The little girls immediately obeyed their nurse; but Teddy, who perhaps in the ardour of the chase might not have heard her call, continued on racing down the hill after Puck, as fast as his stumpy little legs could carry him, his hat flying off and his pinafore streaming behind him in the wind.
“Stop, Master Teddy, stop!” called out Mary again.
“Why can’t you let him be?” said Jupp. “He’s only enj’ying hisself with the rabbits, and can’t come to no harm on the grass.”
“Little you know about it,” retorted Mary, rather crossly it seemed to Jupp. “Why, the river runs round just below the coppice; and if Master Teddy runs on and can’t stop himself, he’ll fall into it—there!”
“My stars and stripes!” ejaculated Jupp starting up in alarm. “I’ll go after him at once.”

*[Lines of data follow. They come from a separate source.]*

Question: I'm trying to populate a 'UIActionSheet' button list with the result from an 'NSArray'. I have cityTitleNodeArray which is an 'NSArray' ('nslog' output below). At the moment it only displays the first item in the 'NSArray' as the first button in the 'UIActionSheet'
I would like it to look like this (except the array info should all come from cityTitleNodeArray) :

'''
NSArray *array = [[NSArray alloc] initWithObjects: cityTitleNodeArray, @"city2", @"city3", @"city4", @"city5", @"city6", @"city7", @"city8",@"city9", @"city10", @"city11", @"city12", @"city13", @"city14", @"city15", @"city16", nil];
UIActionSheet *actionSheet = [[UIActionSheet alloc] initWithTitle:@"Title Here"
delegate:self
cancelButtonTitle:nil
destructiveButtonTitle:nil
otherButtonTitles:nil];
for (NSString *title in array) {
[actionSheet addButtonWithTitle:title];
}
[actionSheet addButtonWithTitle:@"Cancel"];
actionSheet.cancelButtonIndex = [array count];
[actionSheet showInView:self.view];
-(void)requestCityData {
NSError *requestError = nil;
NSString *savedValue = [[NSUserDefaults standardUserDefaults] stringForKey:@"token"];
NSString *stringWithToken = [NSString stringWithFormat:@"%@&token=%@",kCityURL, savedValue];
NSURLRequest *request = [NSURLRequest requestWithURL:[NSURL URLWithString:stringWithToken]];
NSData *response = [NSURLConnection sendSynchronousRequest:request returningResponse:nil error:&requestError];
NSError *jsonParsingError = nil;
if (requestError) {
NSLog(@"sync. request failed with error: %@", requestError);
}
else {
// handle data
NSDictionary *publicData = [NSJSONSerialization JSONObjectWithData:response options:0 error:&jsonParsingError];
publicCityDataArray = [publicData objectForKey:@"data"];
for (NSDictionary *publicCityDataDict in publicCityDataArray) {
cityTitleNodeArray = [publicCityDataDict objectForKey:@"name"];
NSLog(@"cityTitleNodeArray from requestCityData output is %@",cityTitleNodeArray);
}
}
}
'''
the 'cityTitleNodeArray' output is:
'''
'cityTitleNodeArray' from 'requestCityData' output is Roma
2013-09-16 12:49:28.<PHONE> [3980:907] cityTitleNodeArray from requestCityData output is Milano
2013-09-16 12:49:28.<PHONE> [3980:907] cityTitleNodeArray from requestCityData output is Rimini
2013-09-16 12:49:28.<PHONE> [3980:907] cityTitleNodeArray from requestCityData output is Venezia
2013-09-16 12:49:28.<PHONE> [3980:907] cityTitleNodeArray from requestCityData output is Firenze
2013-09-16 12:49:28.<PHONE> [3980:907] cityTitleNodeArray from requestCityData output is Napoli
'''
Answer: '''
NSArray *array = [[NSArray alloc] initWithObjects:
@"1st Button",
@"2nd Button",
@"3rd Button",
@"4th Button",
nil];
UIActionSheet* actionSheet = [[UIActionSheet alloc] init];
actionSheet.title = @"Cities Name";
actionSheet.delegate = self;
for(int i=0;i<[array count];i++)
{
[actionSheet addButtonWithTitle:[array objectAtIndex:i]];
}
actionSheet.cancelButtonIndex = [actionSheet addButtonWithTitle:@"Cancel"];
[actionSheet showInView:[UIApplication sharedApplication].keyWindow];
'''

“You’d better,” said Mary as he set off running down the hill after Teddy, singing out loudly for him to stop in a sort of reef-topsails-in-a-heavy-squall voice that you could have heard more than a cable’s length ahead!
The momentum Teddy had gained, however, from the descent of the glade prevented him from arresting his rapid footsteps, although he heard Jupp’s voice, the slope inclining the more abruptly towards the bottom of the hill. Besides, Puck in pursuit of the rabbits was right in front of him, and the dog, unable or unwilling to stop, bounded on into the mass of rushes, now quite close, that filled the lower part of the valley, and disappeared from Teddy’s sight.
The next moment there was a wild yelp from Puck as he gripped the rabbit, and both tumbled over the bank of the river into the water, which was previously concealed from view; the dog’s bark being echoed immediately afterwards by a cry of alarm from Teddy and a heavy plunge, as he, too, fell into the swiftly-flowing stream, and was borne out from the bank by the rapid current away towards the mill-dam below!